Machine learning models are often inscrutable and it can be difficult to know whether you are making progress. To improve feedback and speed up iteration cycles Benjamin Bengfort and Rebecca Bilbro built Yellowbrick to easily generate visualizations of model performance. In this episode they explain how to use Yellowbrick in the process of building a machine learning project, how it aids in understanding how different parameters impact the outcome, and the improved understanding among teammates that it creates. They also explain how it integrates with the scikit-learn API, the difficulty of producing effective visualizations, and future plans for improvement and new features.

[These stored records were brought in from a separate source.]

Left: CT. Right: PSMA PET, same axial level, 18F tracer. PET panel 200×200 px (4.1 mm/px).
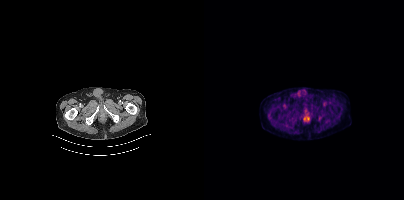
No tumor lesions annotated on this slice.
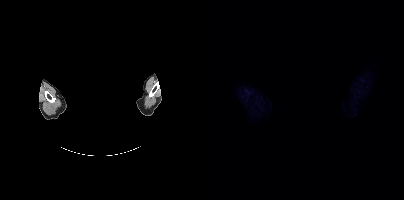
A rectangle over the head was blacked out to remove identifiable facial features. Paired axial CT (left) and PSMA PET (right), 18F tracer. Acquired on Siemens Biograph mCT Flow 20. Slice position z = -917 mm. No tumor lesions annotated on this slice.
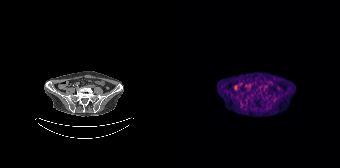
Negative for PSMA-avid disease on this slice.
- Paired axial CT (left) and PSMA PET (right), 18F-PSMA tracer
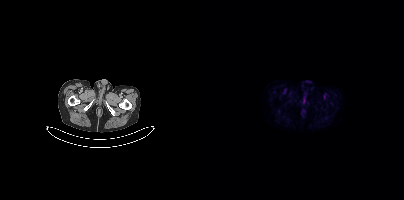
Findings: No tumor lesions annotated on this slice.
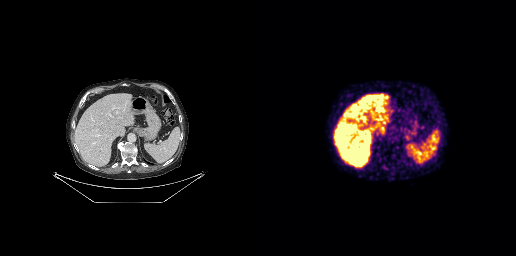
No PSMA-avid tumor lesions on this slice.
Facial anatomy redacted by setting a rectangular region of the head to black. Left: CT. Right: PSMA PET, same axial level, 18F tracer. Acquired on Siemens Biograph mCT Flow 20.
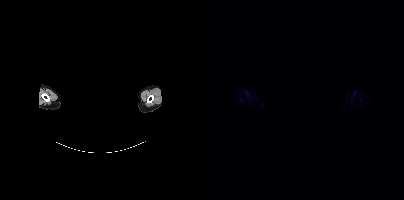
No PSMA-avid tumor lesions on this slice.
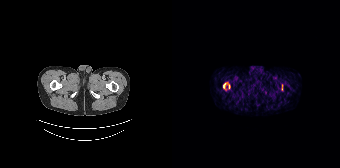
- Two-panel axial: CT | PSMA PET, 68Ga tracer
- acquired on Siemens Biograph 64-4R TruePoint
- slice position z = -855 mm
- PET panel 168×168 px (4.1 mm/px)
Findings: Coordinates are on the 168×168 PET (right) panel. (showing 1 of 3 foci) PSMA-avid tumor lesion bounding box (x, y, width, height): x=51 y=82 w=8 h=8.
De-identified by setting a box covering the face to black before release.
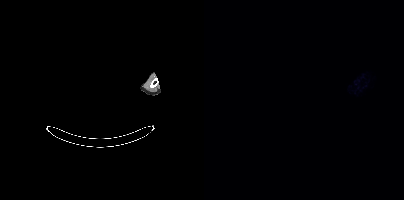
This slice has no annotated PSMA-avid lesion.
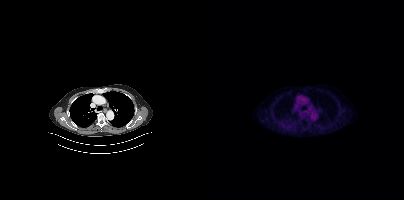
- Two-panel axial: CT | PSMA PET, 18F-PSMA tracer
Findings: No tumor lesions annotated on this slice.
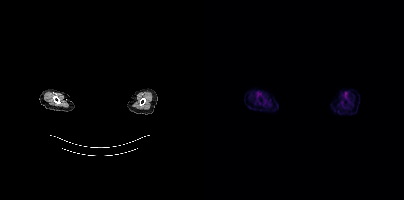
modality: PSMA PET/CT | tracer: [18F]PSMA-1007 | view: axial | PET grid: 200×200 | de-identification: privacy mask over head
No tumor lesions annotated on this slice.
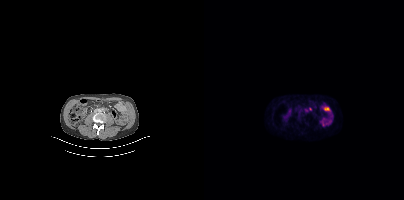
{"modality":"PSMA PET/CT","view":"axial","tracer":"[18F]PSMA-1007","pet_grid":[200,200],"coord_frame":"pet_panel","coord_format":"x0,y0,x1,y1","lesion_bboxes":[[101,107,107,111]]}
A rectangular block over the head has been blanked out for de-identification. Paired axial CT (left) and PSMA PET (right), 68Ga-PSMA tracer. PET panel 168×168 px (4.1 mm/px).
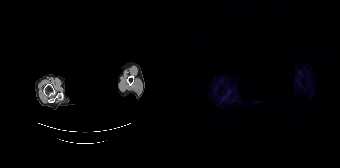
No tumor lesions annotated on this slice.
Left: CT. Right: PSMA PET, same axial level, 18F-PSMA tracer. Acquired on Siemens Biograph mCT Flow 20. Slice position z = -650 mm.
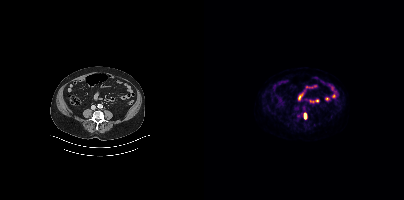
Coordinates are on the 200×200 PET (right) panel. PSMA-avid tumor lesion bounding boxes:
| # | x0 | y0 | x1 | y1 |
|---|---|---|---|---|
| 1 | 100 | 113 | 102 | 119 |
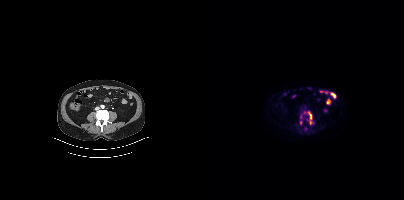
Technique: Paired axial CT (left) and PSMA PET (right), 18F-PSMA tracer. slice 122 of 367. PET panel 200×200 px (4.1 mm/px).
Findings: Coordinates are on the 200×200 PET (right) panel. (showing 1 of 2 foci) PSMA-avid tumor lesion bounding box (x0,y0,x1,y1): [105,112,107,119].
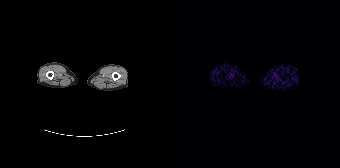
{"modality":"PSMA PET/CT","view":"axial","tracer":"[68Ga]Ga-PSMA-11","pet_grid":[168,168],"coord_frame":"pet_panel","coord_format":"x0,y0,x1,y1","psma_avid_lesions":false}
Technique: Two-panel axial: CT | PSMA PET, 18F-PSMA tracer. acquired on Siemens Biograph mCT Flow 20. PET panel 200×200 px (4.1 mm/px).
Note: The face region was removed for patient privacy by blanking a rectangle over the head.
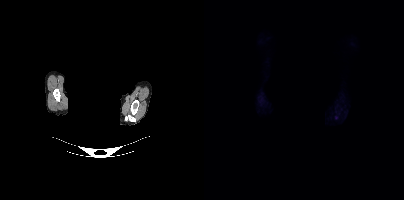
Findings: No tumor lesions annotated on this slice.
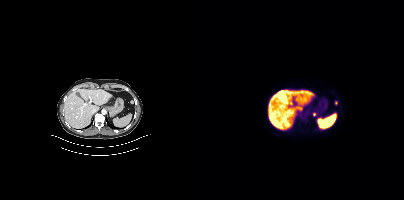
- Two-panel axial: CT | PSMA PET, 18F tracer
- slice 239 of 425
Findings: Coordinates are on the 200×200 PET (right) panel. PSMA-avid tumor lesion bounding box (x0,y0,x1,y1): [109,112,112,116]. Small PSMA-avid focus (2 to 4 px across) near (center x, center y): (132, 103).
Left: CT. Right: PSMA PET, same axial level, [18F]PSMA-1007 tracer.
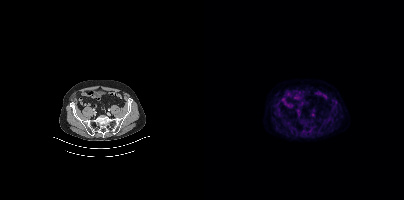
Negative for PSMA-avid disease on this slice.
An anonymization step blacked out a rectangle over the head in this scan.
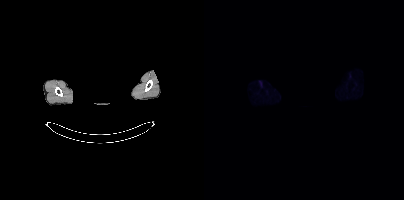
No PSMA-avid tumor lesions on this slice.
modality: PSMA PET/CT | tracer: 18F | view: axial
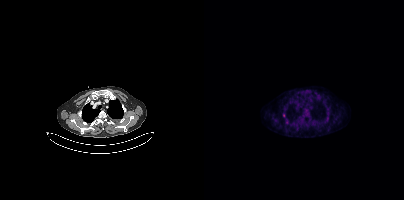
Coordinates are on the 200×200 PET (right) panel. Small PSMA-avid foci (2 to 4 px across) near (center x, center y): (79, 115) | (82, 122).
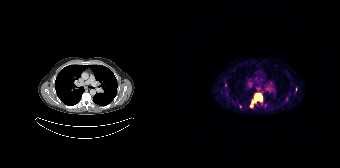
Left: CT. Right: PSMA PET, same axial level, 68Ga tracer. Acquired on Siemens Biograph 64-4R TruePoint. Slice position z = -1156 mm.
Coordinates are on the 168×168 PET (right) panel. PSMA-avid tumor lesion bounding boxes (partial; 1 more focus not listed):
| # | x0 | y0 | x1 | y1 |
|---|---|---|---|---|
| 1 | 78 | 93 | 90 | 107 |
Small PSMA-avid foci (2 to 4 px across) near (center x, center y): (68, 106); (53, 84).
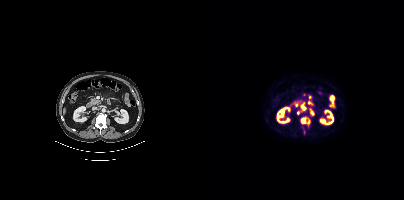
Coordinates are on the 200×200 PET (right) panel. PSMA-avid tumor lesion bounding boxes (partial; 1 more focus not listed):
| # | x0 | y0 | x1 | y1 |
|---|---|---|---|---|
| 1 | 97 | 118 | 101 | 123 |
| 2 | 97 | 104 | 102 | 110 |
| 3 | 107 | 111 | 109 | 115 |
Small PSMA-avid foci (2 to 4 px across) near (center x, center y): (93, 113); (104, 121).
Paired axial CT (left) and PSMA PET (right), 18F tracer. Slice position z = -1311 mm.

- Hello and welcome to Podcast.__init__, the podcast about Python and the people who make it great.
- When you’re ready to launch your next app you’ll need somewhere to deploy it, so check out Linode. With private networking, shared block storage, node balancers, and a 40Gbit network, all controlled by a brand new API you’ve got everything you need to scale up. Go to podcastinit.com/linode to get a $20 credit and launch a new server in under a minute.

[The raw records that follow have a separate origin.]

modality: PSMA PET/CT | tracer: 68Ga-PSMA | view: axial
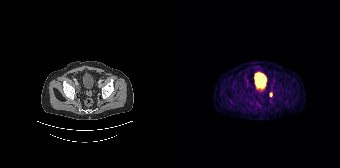
Coordinates are on the 168×168 PET (right) panel. Small PSMA-avid focus (2 to 4 px across) near (center x, center y): (98, 94).
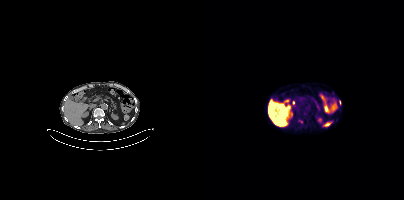
Findings: Coordinates are on the 200×200 PET (right) panel. Small PSMA-avid foci (2 to 4 px across) near (center x, center y): (96, 121); (135, 102).
Technique: Left: CT. Right: PSMA PET, same axial level, 18F-PSMA tracer. acquired on Siemens Biograph mCT Flow 20. slice 198 of 385. PET panel 200×200 px (4.1 mm/px).
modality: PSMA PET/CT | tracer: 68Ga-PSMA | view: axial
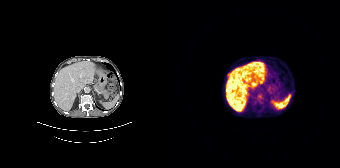
No tumor lesions annotated on this slice.
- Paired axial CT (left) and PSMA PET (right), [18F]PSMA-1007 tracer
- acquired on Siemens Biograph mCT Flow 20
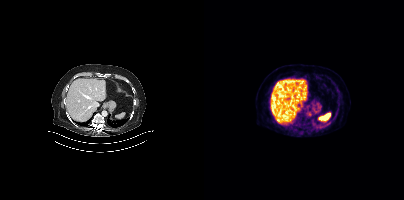
Findings: No tumor lesions annotated on this slice.
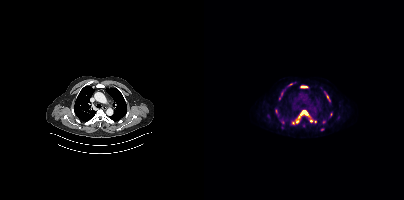
Paired axial CT (left) and PSMA PET (right), 18F tracer. Acquired on Siemens Biograph mCT Flow 20. Coordinates are on the 200×200 PET (right) panel. (showing 8 of 13 foci) PSMA-avid tumor lesion bounding boxes (x0,y0,x1,y1): [88,115,96,124]; [97,110,105,116]; [97,86,103,87]; [122,95,125,100]. Small PSMA-avid foci (2 to 4 px across) near (center x, center y): (118, 129); (107, 121); (127, 114); (75, 98).
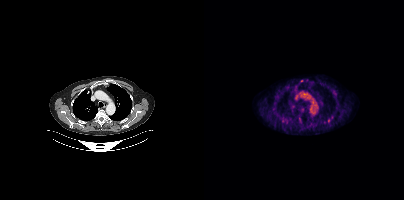
Coordinates are on the 200×200 PET (right) panel. (showing 1 of 2 foci) Small PSMA-avid focus (2 to 4 px across) near (center x, center y): (97, 80).
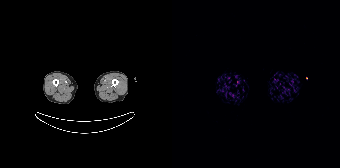
No PSMA-avid tumor lesions on this slice. Two-panel axial: CT | PSMA PET, 68Ga tracer. PET panel 168×168 px (4.1 mm/px).
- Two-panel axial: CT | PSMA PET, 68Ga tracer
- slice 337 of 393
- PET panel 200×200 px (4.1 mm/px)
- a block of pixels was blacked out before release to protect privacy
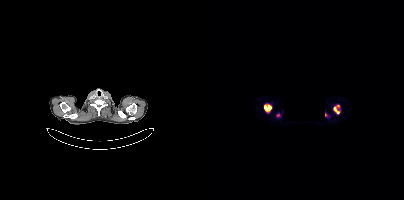
Findings: Coordinates are on the 200×200 PET (right) panel. (showing 3 of 4 foci) PSMA-avid tumor lesion bounding boxes (x0,y0,x1,y1): [60,105,67,112] [130,105,135,114]. Small PSMA-avid focus (2 to 4 px across) near (center x, center y): (121, 114).
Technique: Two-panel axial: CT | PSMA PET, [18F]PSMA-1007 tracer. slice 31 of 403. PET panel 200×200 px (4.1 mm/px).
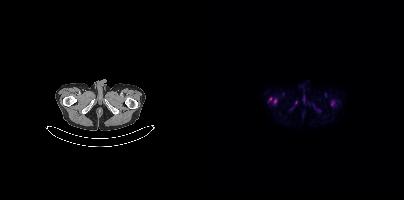
Findings: Coordinates are on the 200×200 PET (right) panel. (showing 2 of 4 foci) Small PSMA-avid foci (2 to 4 px across) near (center x, center y): (71, 101) | (66, 98).
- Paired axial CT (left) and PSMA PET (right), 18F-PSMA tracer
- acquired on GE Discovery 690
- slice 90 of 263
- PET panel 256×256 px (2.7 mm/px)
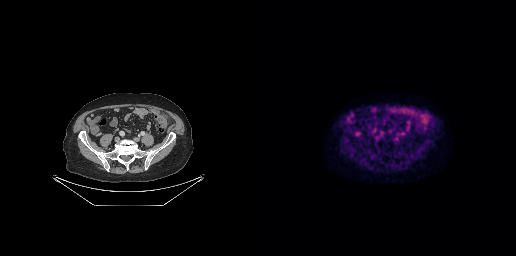
Findings: Negative for PSMA-avid disease on this slice.

- To get worry-free releases download GoCD, the open source continous delivery server built by Thoughworks. You can use their pipeline modeling and value stream map to build, control and monitor every step from commit to deployment in one place. And with their new Kubernetes integration it’s even easier to deploy and scale your build agents. Go to podcastinit.com/gocd to learn more about their professional support services and enterprise add-ons.
- Visit the site to subscribe to the show, sign up for the newsletter, and read the show notes. And if you have any questions, comments, or suggestions I would love to hear them. You can reach me on Twitter at @Podcast__init__ or email firstname.lastname@example.org)

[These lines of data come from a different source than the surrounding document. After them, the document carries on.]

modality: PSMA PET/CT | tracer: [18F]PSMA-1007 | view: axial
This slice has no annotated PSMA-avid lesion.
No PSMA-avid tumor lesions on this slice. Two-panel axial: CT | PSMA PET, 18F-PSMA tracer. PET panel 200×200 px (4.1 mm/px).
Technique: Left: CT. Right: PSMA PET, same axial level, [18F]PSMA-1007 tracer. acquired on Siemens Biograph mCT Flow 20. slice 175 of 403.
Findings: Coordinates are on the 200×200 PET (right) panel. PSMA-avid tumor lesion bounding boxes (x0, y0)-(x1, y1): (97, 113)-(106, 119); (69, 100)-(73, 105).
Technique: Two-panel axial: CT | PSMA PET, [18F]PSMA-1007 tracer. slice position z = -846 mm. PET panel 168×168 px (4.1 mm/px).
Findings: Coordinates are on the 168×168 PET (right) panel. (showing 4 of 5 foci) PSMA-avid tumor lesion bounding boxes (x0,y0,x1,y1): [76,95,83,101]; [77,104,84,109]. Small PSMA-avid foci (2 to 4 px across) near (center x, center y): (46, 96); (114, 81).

- To help other people find the show please leave a review on iTunes, or Google Play Music, tell your friends and co-workers, and share it on social media.
- Your host as usual is Tobias Macey and today I’m interviewing Rebecca Bilbro and Benjamin Bengfort about Yellowbrick, a scikit extension to use visualizations for assisting with model selection in your data science projects.
- How did you get introduced to Python?
- Can you describe the use case for Yellowbrick and how the project got started?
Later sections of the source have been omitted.